What you return should be the lines from the one with "Number of elements: 24" through the one with "Main lobe angle (degrees): 223.92" in the data below, reproduced exactly with both ends, and no pictures at all.
━━━ Excerpted data ━━━
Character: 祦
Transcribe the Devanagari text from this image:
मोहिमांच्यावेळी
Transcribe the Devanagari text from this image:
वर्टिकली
━━━
━━━ Excerpted data ━━━
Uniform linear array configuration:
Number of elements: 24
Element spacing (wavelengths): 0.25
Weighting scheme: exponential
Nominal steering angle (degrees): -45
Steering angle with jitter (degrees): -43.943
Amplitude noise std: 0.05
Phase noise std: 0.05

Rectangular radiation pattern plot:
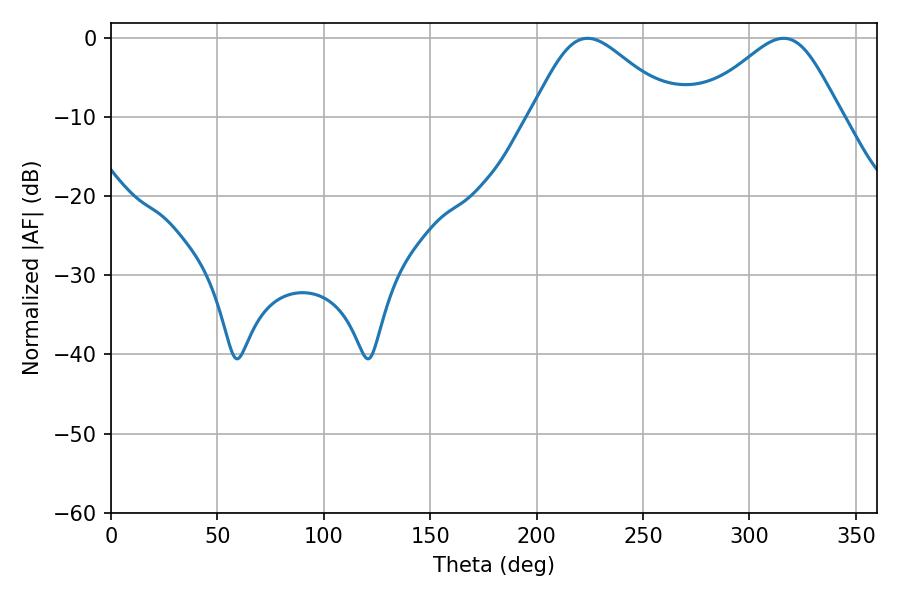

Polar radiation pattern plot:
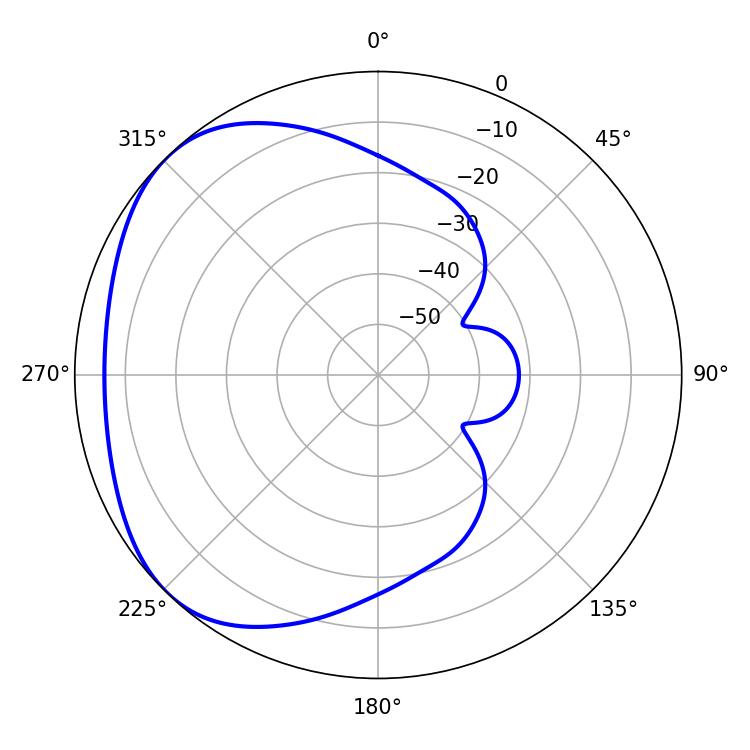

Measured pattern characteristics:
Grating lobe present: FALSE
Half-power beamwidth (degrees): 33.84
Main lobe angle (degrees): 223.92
━━━
* **Exercise response**
Number of elements: 24
Element spacing (wavelengths): 0.25
Weighting scheme: exponential
Nominal steering angle (degrees): -45
Steering angle with jitter (degrees): -43.943
Amplitude noise std: 0.05
Phase noise std: 0.05

Rectangular radiation pattern plot:

Polar radiation pattern plot:

Measured pattern characteristics:
Grating lobe present: FALSE
Half-power beamwidth (degrees): 33.84
Main lobe angle (degrees): 223.92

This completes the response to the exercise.